Systems that run systemd (Ubuntu 16.04+, Centos 6.5+, Fedora, Debian) also run a daemon called journald which keeps logs of boot messages, kernel messages and messages from various services. The journalctl app can be used to query & display the results from journald’s logging.
Just issuing the journalctl command displays all the logs from the beginning. Let us make it easier to filter out messages. To filter messages based on a service, use the -u flag.

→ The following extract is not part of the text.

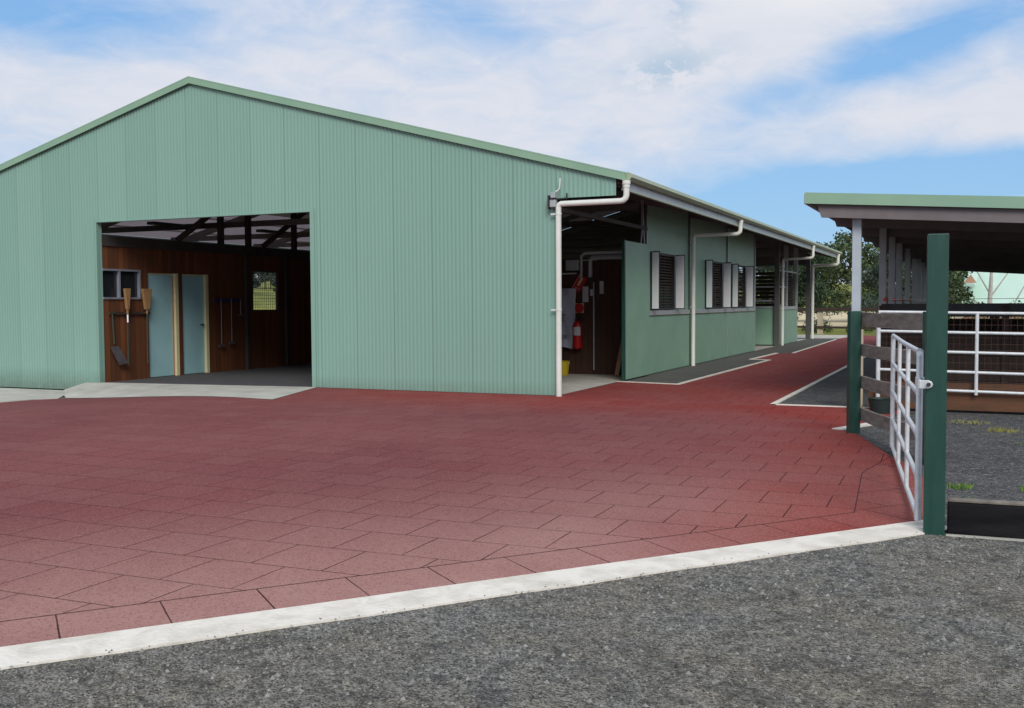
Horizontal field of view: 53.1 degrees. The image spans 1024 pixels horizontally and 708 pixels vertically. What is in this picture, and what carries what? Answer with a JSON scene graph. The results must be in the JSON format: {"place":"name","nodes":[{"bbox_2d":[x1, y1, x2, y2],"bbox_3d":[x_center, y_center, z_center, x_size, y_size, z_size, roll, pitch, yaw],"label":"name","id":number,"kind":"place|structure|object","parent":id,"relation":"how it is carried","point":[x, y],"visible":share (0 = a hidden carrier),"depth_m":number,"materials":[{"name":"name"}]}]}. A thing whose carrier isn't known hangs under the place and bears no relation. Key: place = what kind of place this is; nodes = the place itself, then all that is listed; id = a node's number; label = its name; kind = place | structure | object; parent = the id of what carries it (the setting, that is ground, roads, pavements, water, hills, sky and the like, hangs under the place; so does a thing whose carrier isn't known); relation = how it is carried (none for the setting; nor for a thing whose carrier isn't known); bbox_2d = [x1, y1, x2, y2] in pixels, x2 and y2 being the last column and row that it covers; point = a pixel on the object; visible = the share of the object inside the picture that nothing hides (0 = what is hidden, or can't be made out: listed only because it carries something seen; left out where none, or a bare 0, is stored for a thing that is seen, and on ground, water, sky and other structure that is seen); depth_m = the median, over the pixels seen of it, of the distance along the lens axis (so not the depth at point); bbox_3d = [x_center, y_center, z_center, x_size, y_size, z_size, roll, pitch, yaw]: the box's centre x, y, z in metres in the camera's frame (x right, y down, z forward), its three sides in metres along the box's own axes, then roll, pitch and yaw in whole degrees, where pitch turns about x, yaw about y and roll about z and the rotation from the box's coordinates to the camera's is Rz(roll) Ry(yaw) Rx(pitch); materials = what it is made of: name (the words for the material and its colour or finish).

journalctl -u mariadb.service
Lists all messages issued by the mariadb.service. Over a period of time, it could be pages of information, let us filter it further to messages since the last boot
journalctl -b -u mariadb.service
The -b flag limits to messages since the last restart. In case you restarted the machine due to a problem and want to identify messages before the most recent reboot, add the -1 flag like so
journalctl -b -1 -u mariadb.service
If you know the time frame around when the error occurred, you can add the –since flag
journalctl --since today # Lists journal entries from today
journalctl --since “2018-07-05 13:20:00” # Lists entries from 13:20 on 5th July
You can add the -u flag to limit to services you want
Most applications keep log entries based on settings such as ERROR/DEBUG level. These logs are in /var/logs/{application-name}, unless the application uses a different setting. Please consult the application’s documentation for exact locations and how the log messages can be diagnosed.
Hopefully, this article gives you a basic toolkit to look under the hood and see which bolts need to be tightened. For advanced users or for critical applications, we recommend using monitoring tools (self-hosted or 3rd party). Though that is an article for a later date.